At the opposite end from a single representational element per stimulus is a separate representational element for every moment in the stimulus (first column in Fig. 1). The motivating idea is that extended stimuli are not coherent wholes but, rather, temporally differentiated into a serial compound of temporal elements. In a complete serial compound (CSC), every time step in a stimulus is a unique element (separate rows in Fig. 1). This CSC representation is used in most of the TD models of dopamine function (e.g., Montague, Dayan, & Sejnowski, 1996; Schultz, 2006; Schultz et al., 1997) and is often taken as synonymous with the TD model (e.g., Amundson & Miller, 2008; Church & Kirkpatrick, 2001; Desmond & Moore, 1988; Jennings & Kirkpatrick, 2006), although alternate proposals do exist (Daw, Courville, & Touretzky, 2006; Ludvig et al., 2008; Suri & Schultz, 1999). Although clearly biologically unrealistic, in a behavioral model, this CSC representation can serve as a useful fiction that allows examination of different learning rules unfettered by constraints from the stimulus representation (Sutton & Barto, 1990). This stimulus representation occupies the far pole along the temporal generalization gradient from the presence representation (see Fig. 1). There is complete temporal differentiation of every moment and no temporal generalization whatsoever.
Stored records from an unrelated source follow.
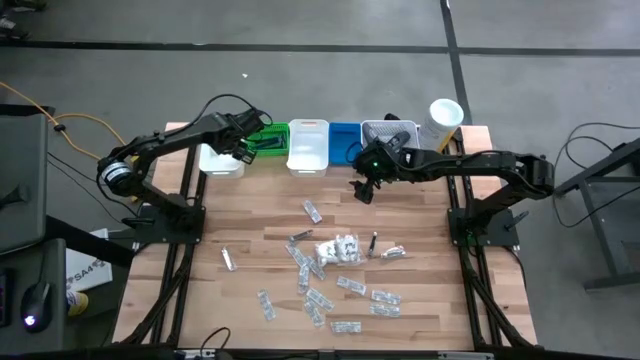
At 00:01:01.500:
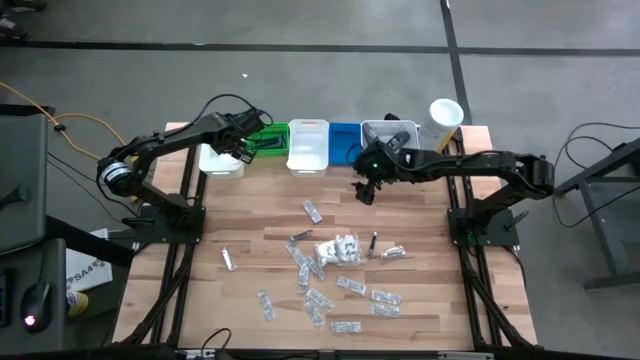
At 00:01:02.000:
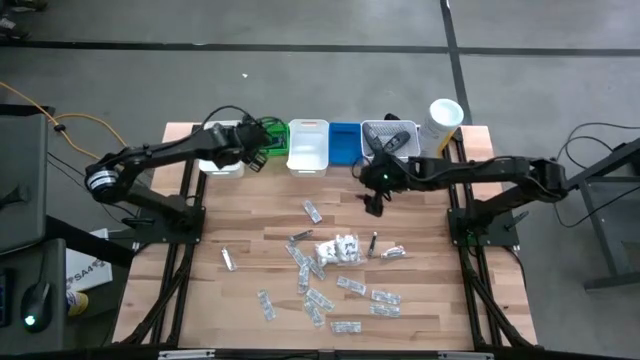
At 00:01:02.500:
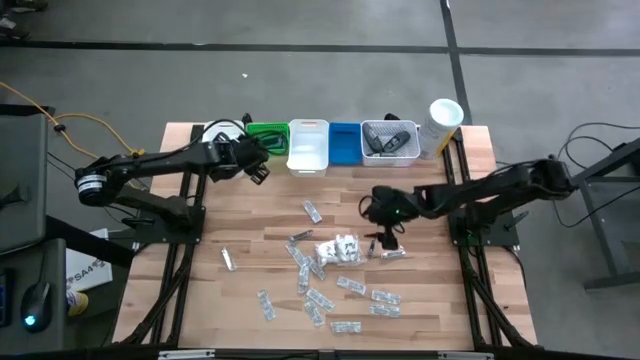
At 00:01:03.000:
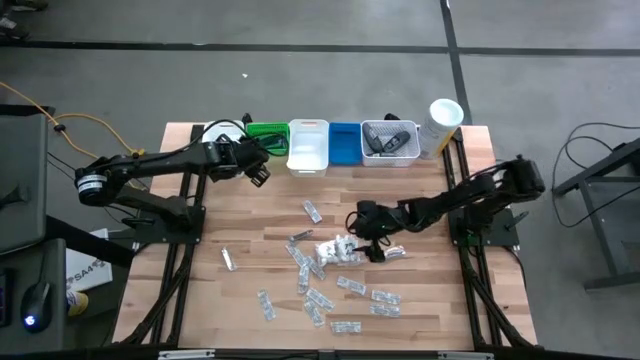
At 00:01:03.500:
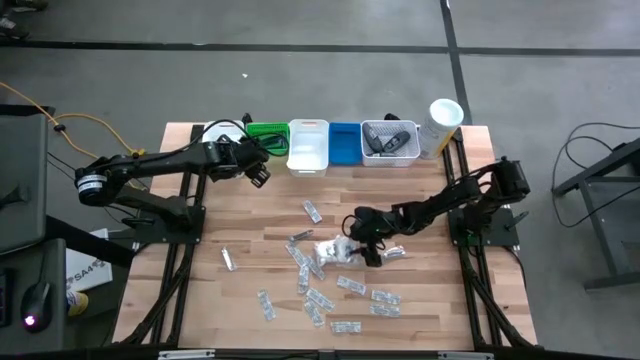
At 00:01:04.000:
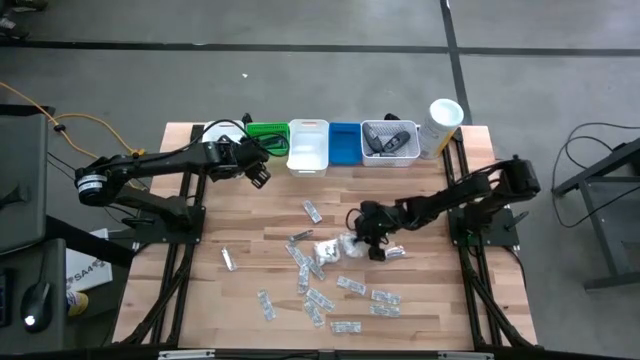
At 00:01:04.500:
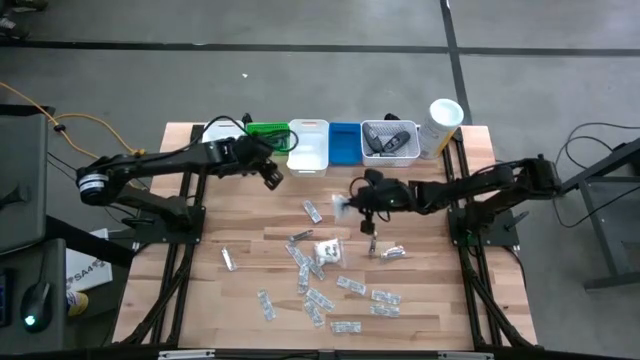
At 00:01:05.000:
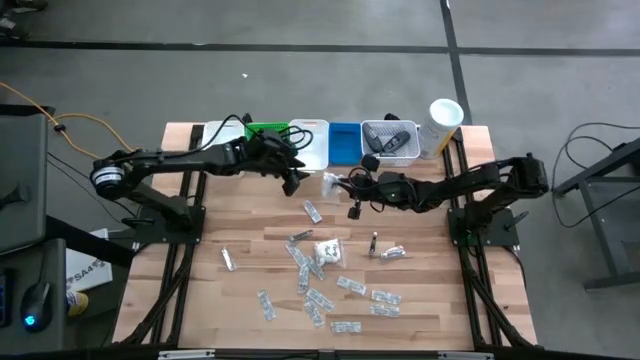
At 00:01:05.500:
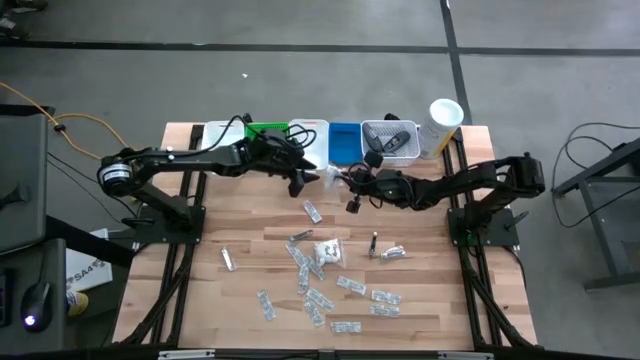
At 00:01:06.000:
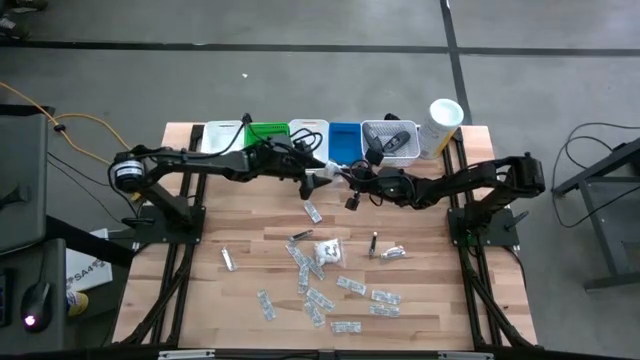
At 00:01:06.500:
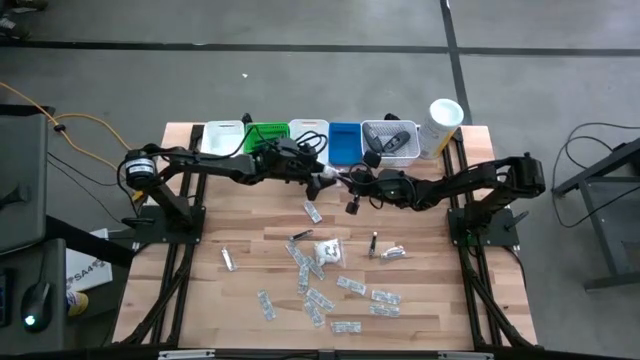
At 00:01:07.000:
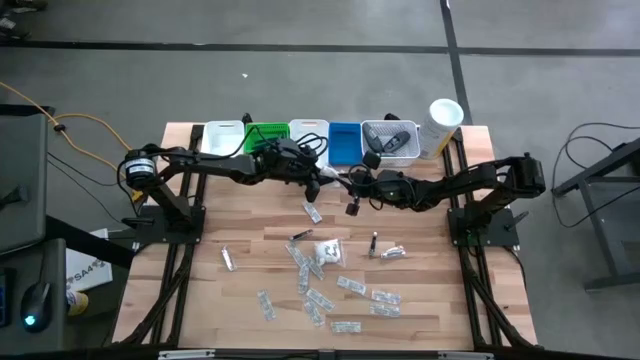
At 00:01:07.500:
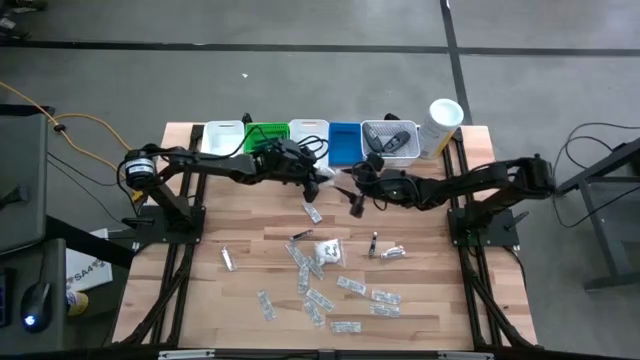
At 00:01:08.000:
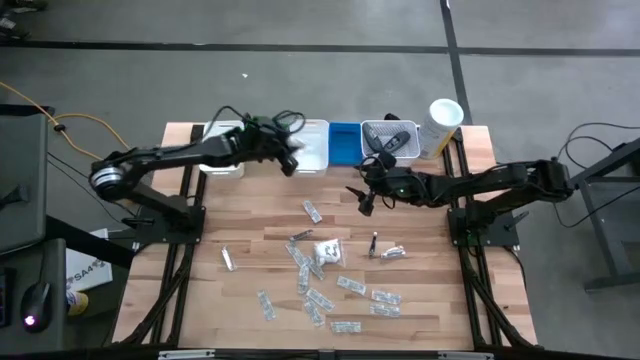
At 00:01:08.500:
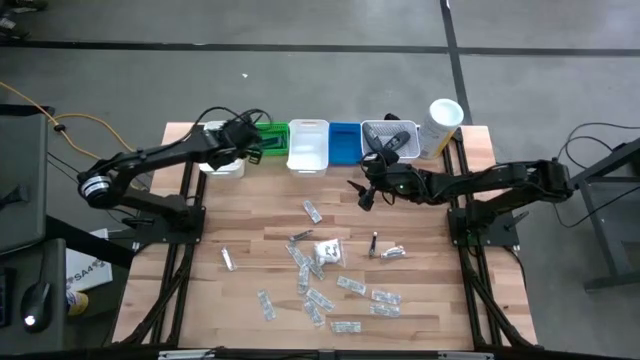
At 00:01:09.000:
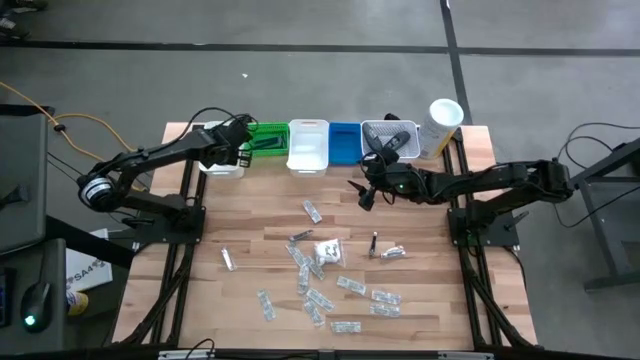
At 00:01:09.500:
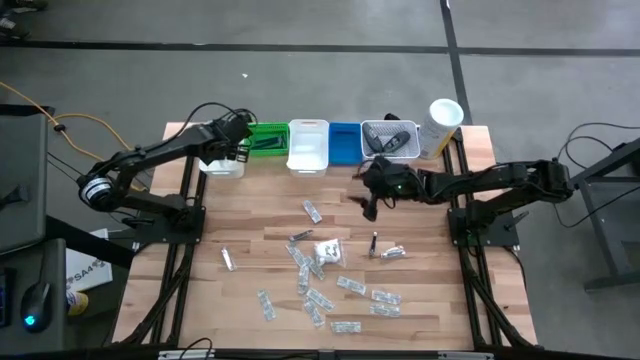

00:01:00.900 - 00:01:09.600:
Task: Pick & Place Travel size toiletries
Put the transparent cotton pack into the left white bin

Microstimulus representation

A third stimulus representation occupies an intermediate zone of limited temporal generalization between complete temporal generalization (presence) and no temporal generalization (CSC). The middle column of Fig. 1 depicts what such a representation looks like: Each successive row presents a microstimulus (MS) that is wider and shorter and peaks later.
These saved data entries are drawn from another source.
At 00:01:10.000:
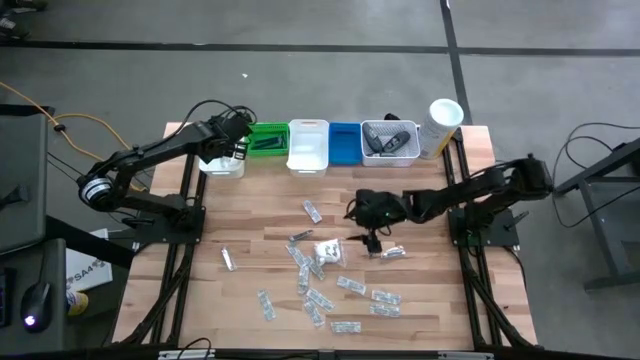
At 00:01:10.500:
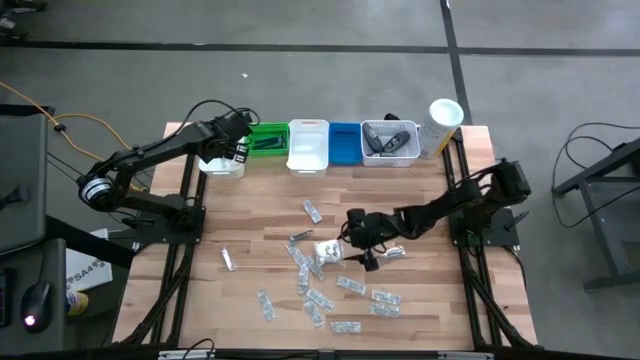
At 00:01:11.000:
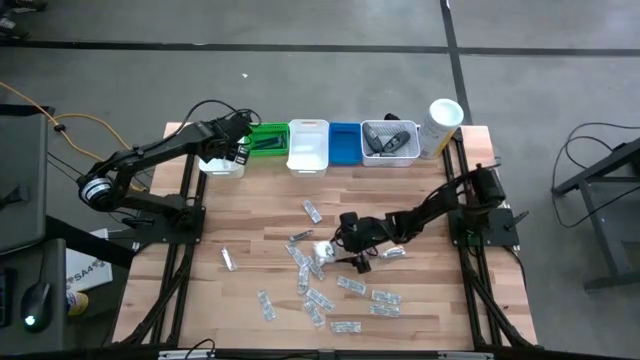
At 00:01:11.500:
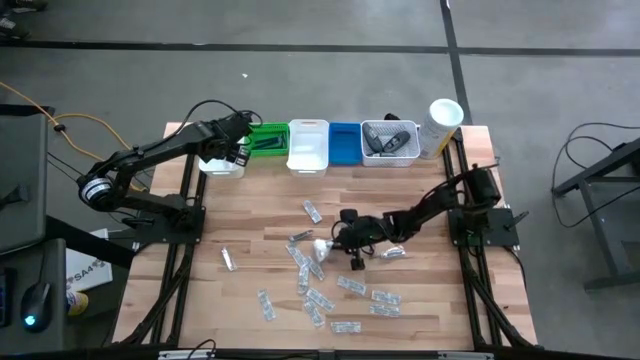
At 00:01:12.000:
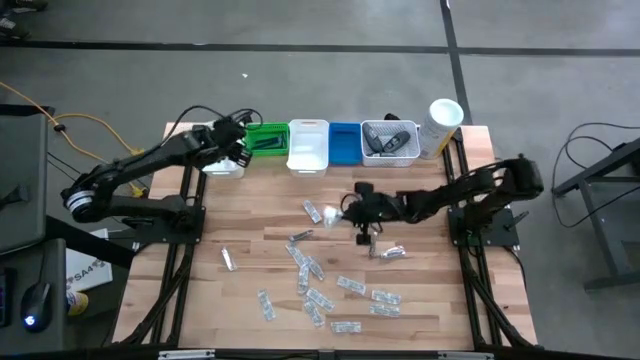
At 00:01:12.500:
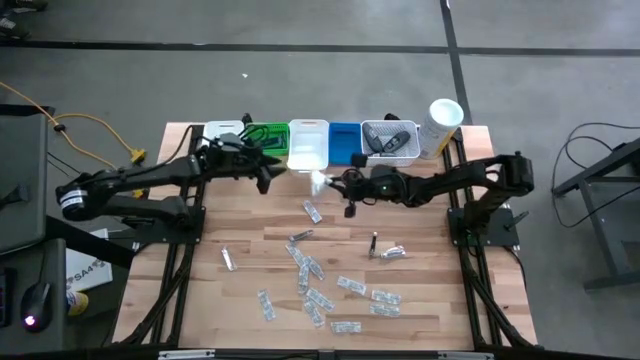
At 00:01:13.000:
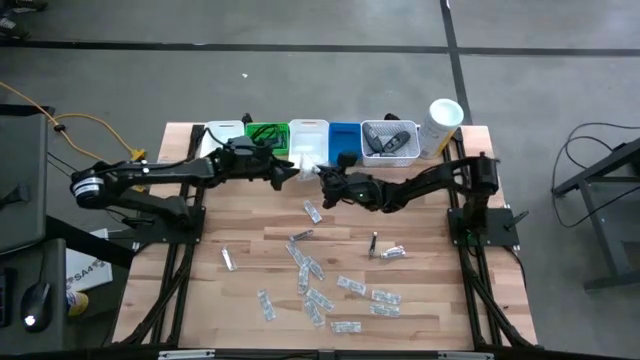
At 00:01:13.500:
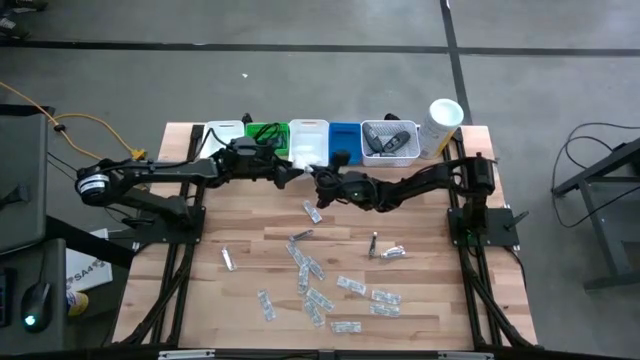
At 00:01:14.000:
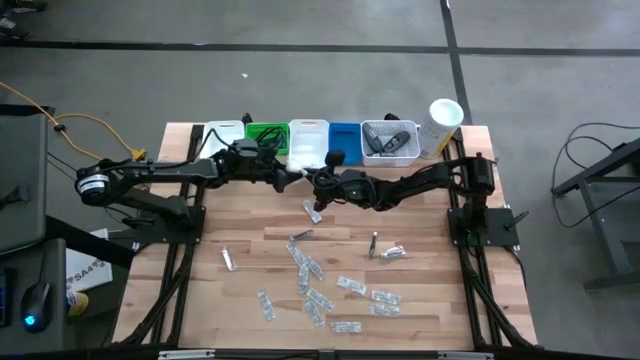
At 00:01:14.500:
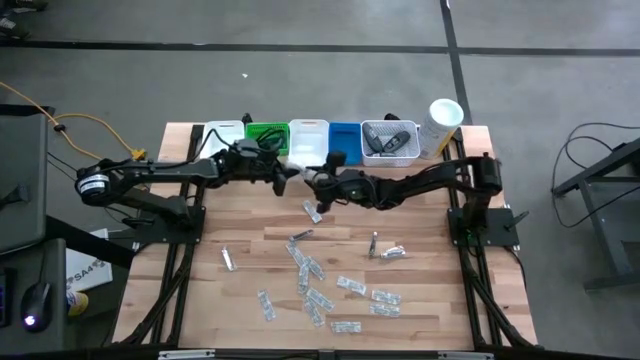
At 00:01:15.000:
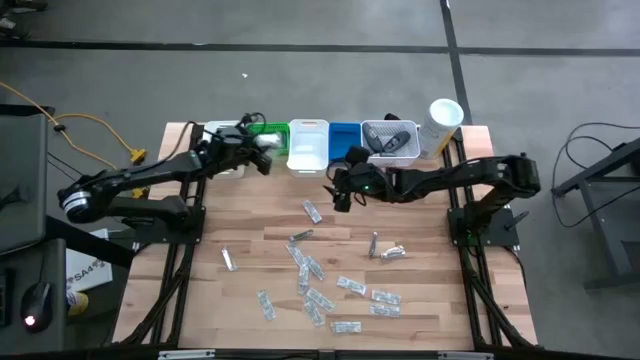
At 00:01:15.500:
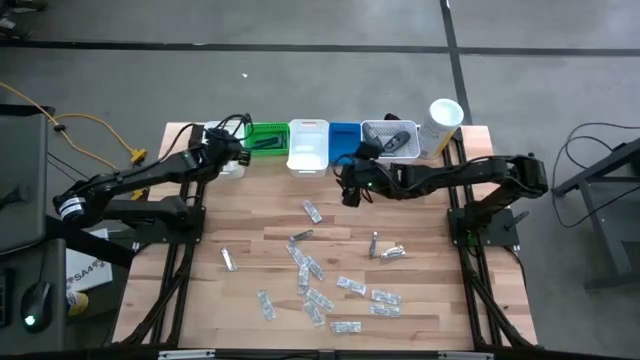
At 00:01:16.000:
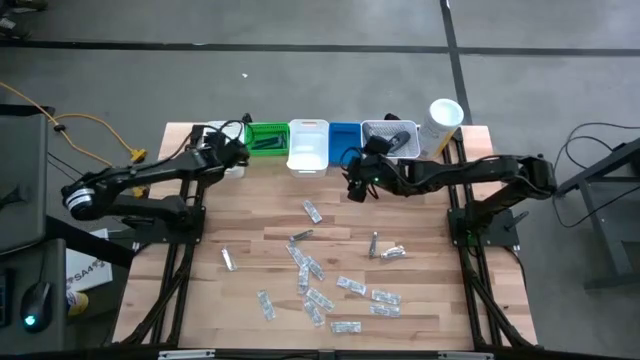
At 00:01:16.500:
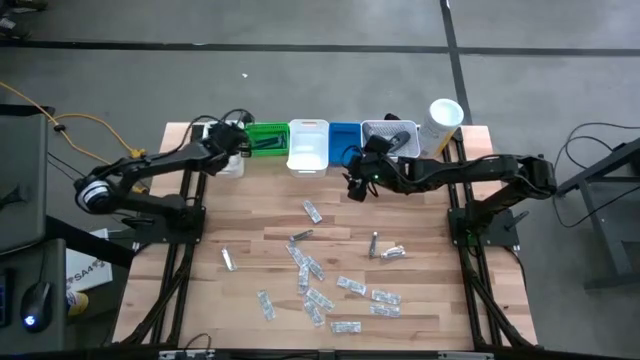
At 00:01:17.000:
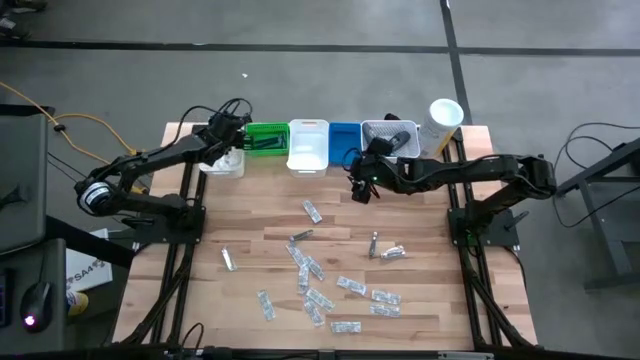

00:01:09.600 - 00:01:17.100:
Put the transparent cotton pack into the left white bin

The MS temporal stimulus representation is determined through two components: an exponentially decaying memory trace and a coarse-coding of that memory trace. The memory trace (y) is initiated to 1 at stimulus onset and decays as a simple exponential:

$$ {y_{{t + 1}}} = d{y_t}, $$
(6)

where d is a decay parameter (0 < d < 1). Importantly, there is a memory trace and corresponding set of microstimuli for every stimulus, including the US. This memory trace is coarse coded through a set of basis function across the height of the trace (see Ludvig et al., 2008; Ludvig et al., 2009). For these basis functions, we used nonnormalized Gaussians:

$$ f(y,\mu ,\sigma ) = \frac{1}{{\sqrt {{2\pi }} }}\exp \left( { - \frac{{{{{\left( {y - \mu } \right)}}^{2}}}}{{2{{\sigma }^{2}}}}} \right), $$
(7)

where y is the exponentially decaying memory trace as above, exp is the exponential function, and μ is the mean and σ the width of the basis function. These basis functions can be thought of as equally spaced receptive fields that are triggered when the memory trace decays to the appropriate height for that receptive field. The strength x of each MS i at each time point t is determined by the proximity of the current height of the memory trace (y t ) to the center of the corresponding basis function multiplied by the trace height at that time point:

$$ {{x}_{t}}(i) = f({{y}_{t}},i/m,\sigma ){{y}_{t}}, $$
(8)

where m is the total number of microstimuli for each stimulus. Because the basis functions are spaced linearly but the memory trace decays exponentially, the resultant temporal extent (width) of the microstimuli varies, with later microstimuli lasting longer than earlier microstimuli (see the middle column of Fig. 1), even with a constant width of the basis function.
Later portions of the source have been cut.